• _SUPPLIED INFORMATION_:

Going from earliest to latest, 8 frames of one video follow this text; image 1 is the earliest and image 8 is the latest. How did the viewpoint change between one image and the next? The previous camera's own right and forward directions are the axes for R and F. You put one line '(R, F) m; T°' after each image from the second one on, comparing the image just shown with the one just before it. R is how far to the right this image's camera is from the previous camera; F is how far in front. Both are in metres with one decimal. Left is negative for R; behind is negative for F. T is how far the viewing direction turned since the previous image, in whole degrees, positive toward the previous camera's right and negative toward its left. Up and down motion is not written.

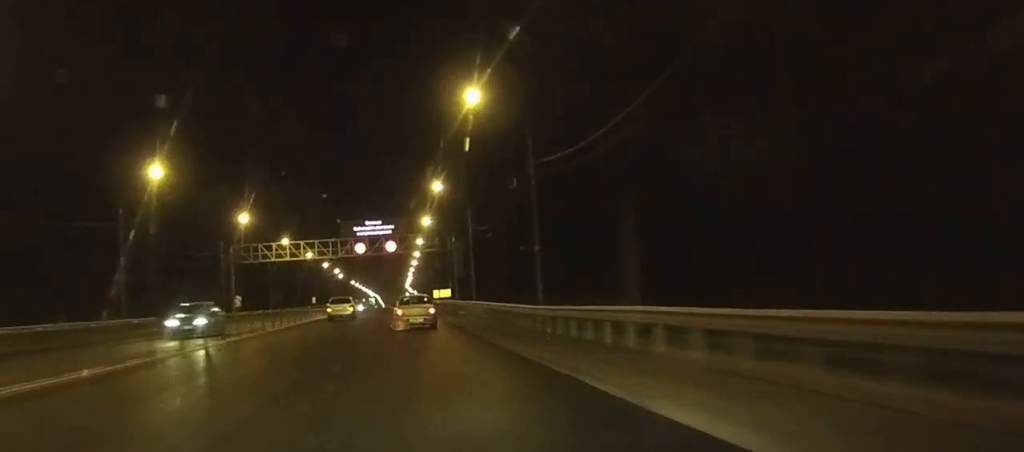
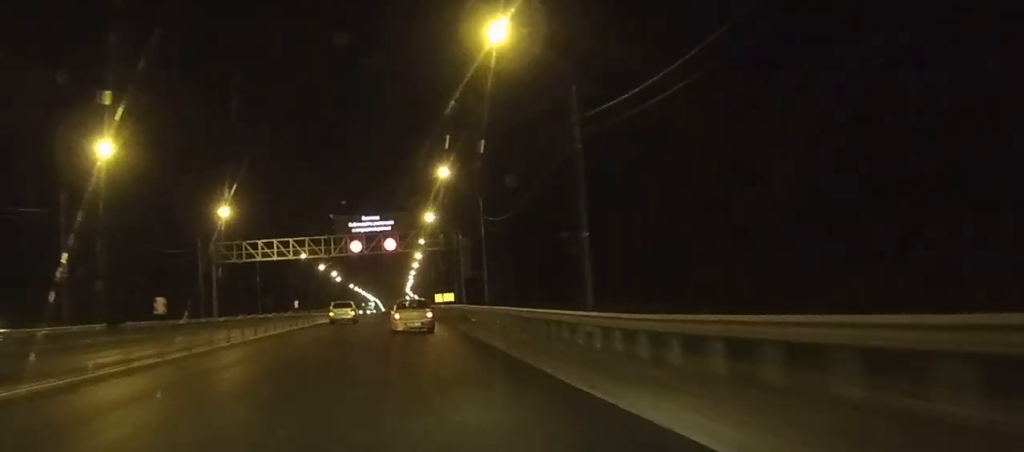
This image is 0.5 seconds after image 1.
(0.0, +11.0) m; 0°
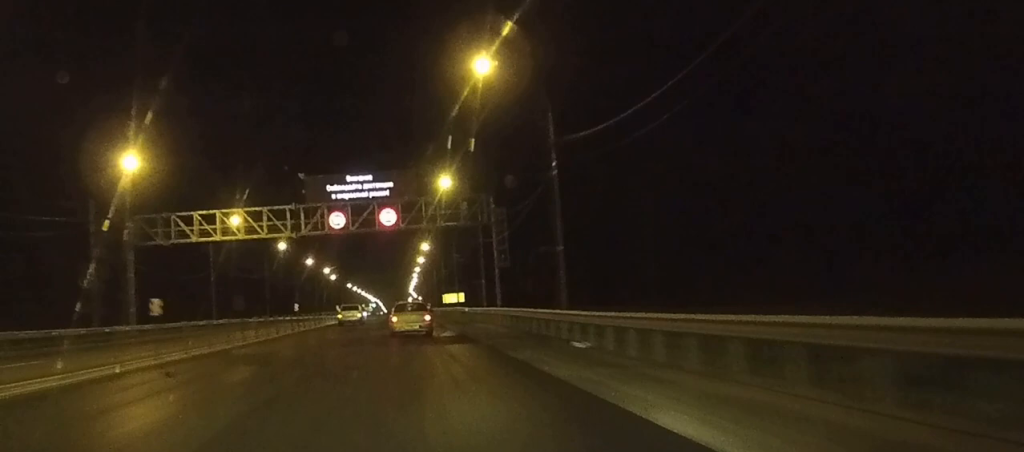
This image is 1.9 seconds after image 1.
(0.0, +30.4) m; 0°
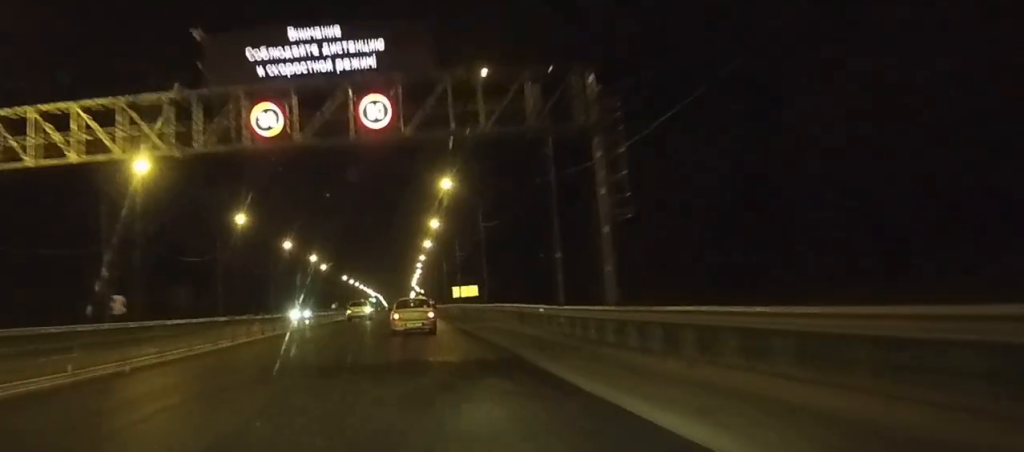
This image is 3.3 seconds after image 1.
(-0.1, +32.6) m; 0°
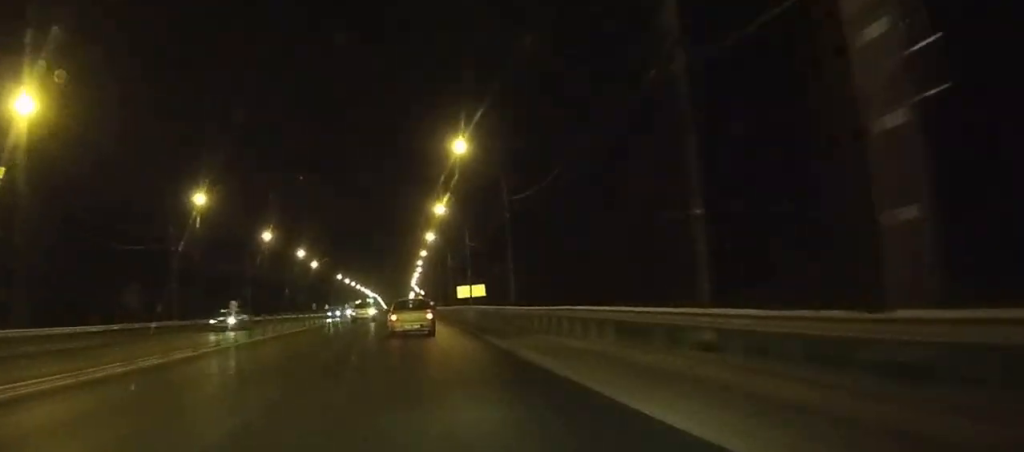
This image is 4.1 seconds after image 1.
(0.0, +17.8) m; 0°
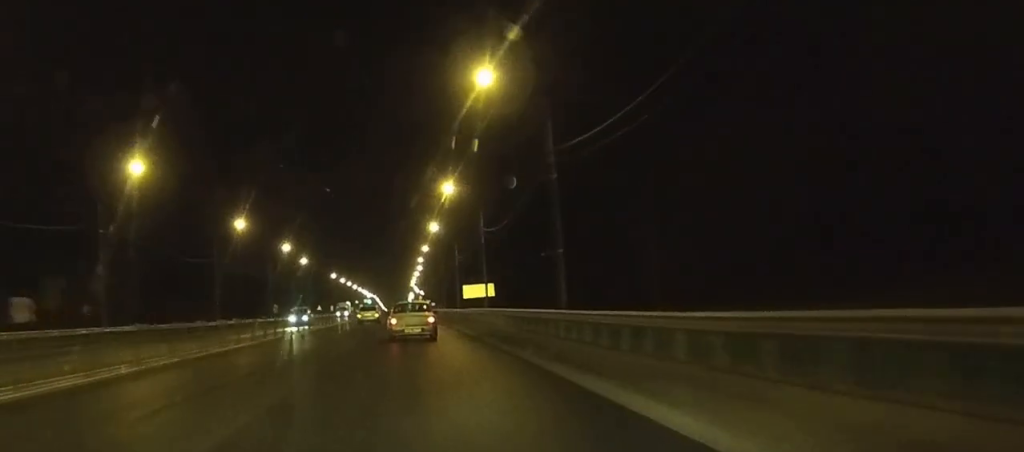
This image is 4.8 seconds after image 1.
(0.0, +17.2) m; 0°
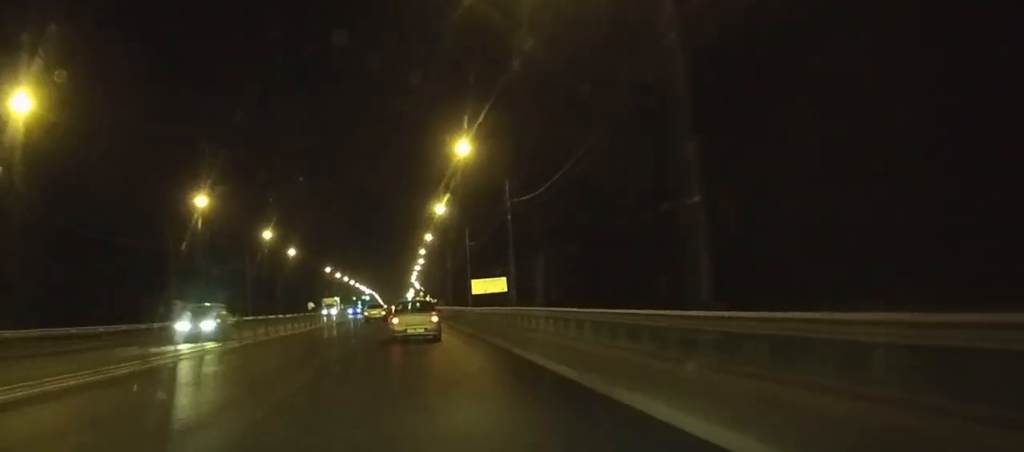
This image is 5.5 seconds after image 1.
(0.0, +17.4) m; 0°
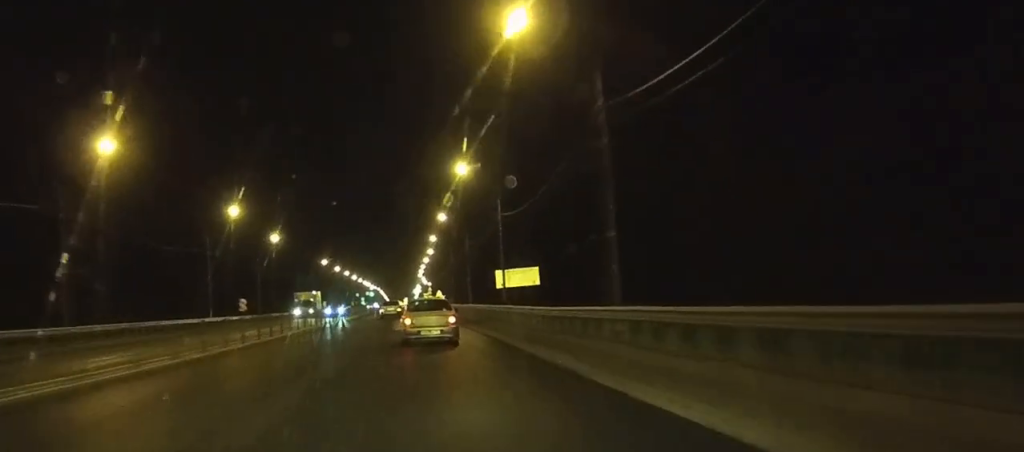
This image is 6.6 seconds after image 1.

• _ACTIVITY_: Repeat every entry exactly. Do not include the pictures.

• _ANSWER SPACE_:
Going from earliest to latest, 8 frames of one video follow this text; image 1 is the earliest and image 8 is the latest. How did the viewpoint change between one image and the next? The previous camera's own right and forward directions are the axes for R and F. You put one line '(R, F) m; T°' after each image from the second one on, comparing the image just shown with the one just before it. R is how far to the right this image's camera is from the previous camera; F is how far in front. Both are in metres with one decimal. Left is negative for R; behind is negative for F. T is how far the viewing direction turned since the previous image, in whole degrees, positive toward the previous camera's right and negative toward its left. Up and down motion is not written.

This image is 0.5 seconds after image 1.
(0.0, +11.0) m; 0°
This image is 1.9 seconds after image 1.
(0.0, +30.4) m; 0°
This image is 3.3 seconds after image 1.
(-0.1, +32.6) m; 0°
This image is 4.1 seconds after image 1.
(0.0, +17.8) m; 0°
This image is 4.8 seconds after image 1.
(0.0, +17.2) m; 0°
This image is 5.5 seconds after image 1.
(0.0, +17.4) m; 0°
This image is 6.6 seconds after image 1.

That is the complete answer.